Validations of survival analysis and mRNA Expression at the Transcriptional Level
To further demonstrate the prognostic significance of 33 mRNAs screened from the ceRNA network, we selected external databases for survival analysis and validation with IHC images. Firstly, we input 33 screened mRNAs into HPA database (version 20.1; https://www.Proteinatlas.org/about/assays+annotation#tcga_survival) to validate whether they were associated with the prognosis of UCEC. Consequences revealed that 8 mRNAs(CBX2, CCL22, CCNE1, DLX4, IGFBP5, NR3C1, SOX11, POLQ) highly expressed in UCEC were closely related with its prognosis(log rank P values <0.001). Subsequently, we retrieved overall survival analyses of 8 mRNAs generated from GEPIA by filtered criteria of P values ≤0.1(although 0.11 was also considered as significant in this study) and verified 5 mRNAs (CCNE1, CCL22, NR3C1, IGFBP5 and POLQ).

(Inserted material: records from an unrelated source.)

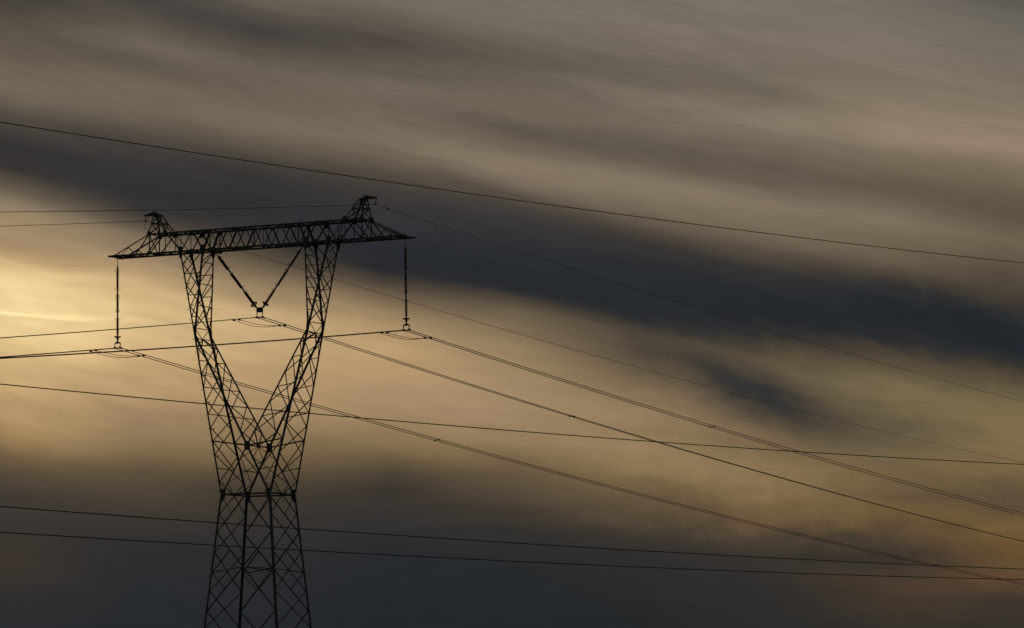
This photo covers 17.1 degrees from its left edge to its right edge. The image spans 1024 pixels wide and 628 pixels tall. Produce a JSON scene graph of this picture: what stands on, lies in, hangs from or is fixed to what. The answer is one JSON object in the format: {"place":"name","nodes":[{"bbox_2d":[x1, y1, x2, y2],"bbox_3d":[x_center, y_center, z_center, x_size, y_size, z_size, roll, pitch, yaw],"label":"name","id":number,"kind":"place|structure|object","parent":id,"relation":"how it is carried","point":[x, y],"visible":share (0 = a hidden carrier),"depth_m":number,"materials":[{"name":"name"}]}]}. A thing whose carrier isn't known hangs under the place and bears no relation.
{"place":"outdoors","nodes":[
{"label":"outdoors","id":0,"kind":"place"},
{"bbox_2d":[0,122,1021,262],"bbox_3d":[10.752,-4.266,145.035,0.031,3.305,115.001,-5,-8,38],"label":"power cable","id":1,"kind":"object","parent":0,"point":[478,194],"visible":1,"depth_m":128.84,"materials":[{"name":"metal"}]},
{"bbox_2d":[0,506,1023,569],"bbox_3d":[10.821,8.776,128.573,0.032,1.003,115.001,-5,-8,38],"label":"power cable","id":2,"kind":"object","parent":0,"point":[478,540],"visible":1,"depth_m":112.74,"materials":[{"name":"metal"}]},
{"bbox_2d":[0,384,1023,464],"bbox_3d":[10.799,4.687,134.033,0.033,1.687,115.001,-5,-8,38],"label":"power cable","id":3,"kind":"object","parent":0,"point":[478,427],"visible":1,"depth_m":117.98,"materials":[{"name":"metal"}]},
{"bbox_2d":[0,532,1023,579],"bbox_3d":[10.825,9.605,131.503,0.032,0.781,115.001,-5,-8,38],"label":"power cable","id":4,"kind":"object","parent":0,"point":[478,559],"visible":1,"depth_m":115.53,"materials":[{"name":"metal"}]},
{"bbox_2d":[0,0,1023,627],"label":"sky","id":5,"kind":"structure","parent":0,"point":[897,124],"materials":[{"name":"grey"}]},
{"label":"ground","id":6,"kind":"structure","parent":0,"visible":0},
{"bbox_2d":[108,195,415,627],"bbox_3d":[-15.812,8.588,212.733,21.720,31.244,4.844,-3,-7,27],"label":"transmission tower","id":7,"kind":"structure","parent":6,"relation":"on","point":[305,243],"depth_m":212.79,"materials":[{"name":"metal"}]},
{"bbox_2d":[114,260,122,348],"bbox_3d":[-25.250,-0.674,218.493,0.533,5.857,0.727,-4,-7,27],"label":"insulator string","id":8,"kind":"object","parent":7,"relation":"hanging from","point":[117,337],"visible":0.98,"depth_m":218.38,"materials":[{"name":"metal"}]},
{"bbox_2d":[1,347,1021,582],"bbox_3d":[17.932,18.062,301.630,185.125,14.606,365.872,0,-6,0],"label":"conductor","id":9,"kind":"object","parent":8,"relation":"hanging from","point":[470,448],"visible":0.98,"depth_m":259.62,"materials":[{"name":"metal"}]},
{"bbox_2d":[0,349,1022,584],"bbox_3d":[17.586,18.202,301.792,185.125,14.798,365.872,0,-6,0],"label":"conductor","id":10,"kind":"object","parent":8,"relation":"hanging from","point":[519,463],"visible":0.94,"depth_m":268.10,"materials":[{"name":"metal"}]},
{"bbox_2d":[89,350,139,357],"bbox_3d":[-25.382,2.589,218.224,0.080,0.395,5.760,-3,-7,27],"label":"damping loop","id":11,"kind":"object","parent":10,"relation":"hanging from","point":[115,357],"visible":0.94,"depth_m":218.50,"materials":[{"name":"metal"}]},
{"bbox_2d":[215,252,256,307],"bbox_3d":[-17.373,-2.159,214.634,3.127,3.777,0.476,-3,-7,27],"label":"insulator string","id":12,"kind":"object","parent":7,"relation":"hanging from","point":[253,303],"visible":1,"depth_m":214.54,"materials":[{"name":"metal"}]},
{"bbox_2d":[256,307,265,318],"bbox_3d":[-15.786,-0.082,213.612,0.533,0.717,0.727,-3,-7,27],"label":"yoke","id":13,"kind":"object","parent":12,"relation":"hanging from","point":[259,309],"visible":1,"depth_m":213.63,"materials":[{"name":"metal"}]},
{"bbox_2d":[0,317,1023,541],"bbox_3d":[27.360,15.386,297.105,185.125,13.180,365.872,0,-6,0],"label":"conductor","id":14,"kind":"object","parent":13,"relation":"hanging from","point":[464,382],"visible":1,"depth_m":234.13,"materials":[{"name":"metal"}]},
{"bbox_2d":[238,318,285,325],"bbox_3d":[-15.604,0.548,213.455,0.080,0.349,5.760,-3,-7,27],"label":"damping loop","id":15,"kind":"object","parent":14,"relation":"hanging from","point":[239,319],"visible":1,"depth_m":213.81,"materials":[{"name":"metal"}]},
{"bbox_2d":[12,318,1022,541],"bbox_3d":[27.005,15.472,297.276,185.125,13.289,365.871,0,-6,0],"label":"conductor","id":16,"kind":"object","parent":13,"relation":"hanging from","point":[567,415],"visible":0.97,"depth_m":250.68,"materials":[{"name":"metal"}]},
{"bbox_2d":[262,246,302,307],"bbox_3d":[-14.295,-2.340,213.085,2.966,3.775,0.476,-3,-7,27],"label":"insulator string","id":17,"kind":"object","parent":7,"relation":"hanging from","point":[280,280],"visible":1,"depth_m":213.08,"materials":[{"name":"metal"}]},
{"bbox_2d":[402,238,411,331],"bbox_3d":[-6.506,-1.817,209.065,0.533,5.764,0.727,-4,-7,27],"label":"insulator string","id":18,"kind":"object","parent":7,"relation":"hanging from","point":[406,319],"visible":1,"depth_m":208.97,"materials":[{"name":"metal"}]},
{"bbox_2d":[0,330,1021,512],"bbox_3d":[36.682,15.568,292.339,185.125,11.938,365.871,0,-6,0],"label":"conductor","id":19,"kind":"object","parent":18,"relation":"hanging from","point":[474,351],"visible":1,"depth_m":212.43,"materials":[{"name":"metal"}]},
{"bbox_2d":[386,331,431,338],"bbox_3d":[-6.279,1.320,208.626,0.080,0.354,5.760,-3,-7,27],"label":"damping loop","id":20,"kind":"object","parent":19,"relation":"hanging from","point":[387,332],"visible":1,"depth_m":208.82,"materials":[{"name":"metal"}]},
{"bbox_2d":[2,330,1023,515],"bbox_3d":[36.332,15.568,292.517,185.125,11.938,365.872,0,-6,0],"label":"conductor","id":21,"kind":"object","parent":18,"relation":"hanging from","point":[553,378],"visible":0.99,"depth_m":227.94,"materials":[{"name":"metal"}]},
{"bbox_2d":[381,331,425,339],"bbox_3d":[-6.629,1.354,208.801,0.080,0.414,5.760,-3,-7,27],"label":"damping loop","id":22,"kind":"object","parent":21,"relation":"hanging from","point":[399,338],"visible":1,"depth_m":208.25,"materials":[{"name":"metal"}]},
{"bbox_3d":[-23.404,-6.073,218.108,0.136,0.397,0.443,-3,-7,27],"label":"earth wire hanger","id":23,"kind":"object","parent":7,"relation":"hanging from","visible":0},
{"bbox_2d":[15,221,1021,462],"bbox_3d":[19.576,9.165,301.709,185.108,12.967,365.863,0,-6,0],"label":"earth wire","id":24,"kind":"object","parent":23,"relation":"hanging from","point":[486,324],"visible":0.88,"depth_m":258.95,"materials":[{"name":"metal"}]},
{"bbox_3d":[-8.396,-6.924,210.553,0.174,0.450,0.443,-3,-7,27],"label":"earth wire hanger","id":25,"kind":"object","parent":7,"relation":"hanging from","visible":0},
{"bbox_2d":[13,204,1022,401],"bbox_3d":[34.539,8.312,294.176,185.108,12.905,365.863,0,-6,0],"label":"earth wire","id":26,"kind":"object","parent":25,"relation":"hanging from","point":[460,232],"visible":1,"depth_m":215.81,"materials":[{"name":"metal"}]}
]}

Based on two previous steps for external verifications, two IHC images of the last screened mRNAs (CCNE1, NR3C1) in the HPA database approved the same results (Fig.8A). Survival validations of 5 mRNAs including CCNE1, CCL22, NR3C1, IGFBP5 and POLQ from GEPIA were shown in the Fig.8B-8F. In this study, we identified 5 survival-related mRNAs, there were no related IHC samples of CCL22, IGFBP5 and POLQ but CCNE1 and NR3C1 to further validate in the HPA database. The translational expression level of CCNE1 and NR3C1 was positively linked with disease status, as they were up-regulated in UCEC samples.
Enrichment Analyses of Functional Pathways
To elucidate the biological functions represented in two profiles of identified DEmRNAs, we performed enrichment analyses mainly by "cluster profiler", with the standard of p <0. 05. In this study, GO analyses disclosed that top significant GO terms (p < 0. 05) commonly obtained from UCEC data in CPTAC (Fig.9A,9B) and TCGA database (Fig.9E,9F). The KEGG analyses revealed that what closely related to DEmRNAs originated from CPTAC were mainly enriched in pathways such as “cellular senescence”, “proteoglycans in cancer” and “microRNAs in cancer” (Fig.9C,9D)). The KEGG results derived from DEmRNAs in TCGA database were shown (Fig.9G,9H). The top 20 GO and KEGG results for TCGA and CPTAC database were provided in supplement Table 2.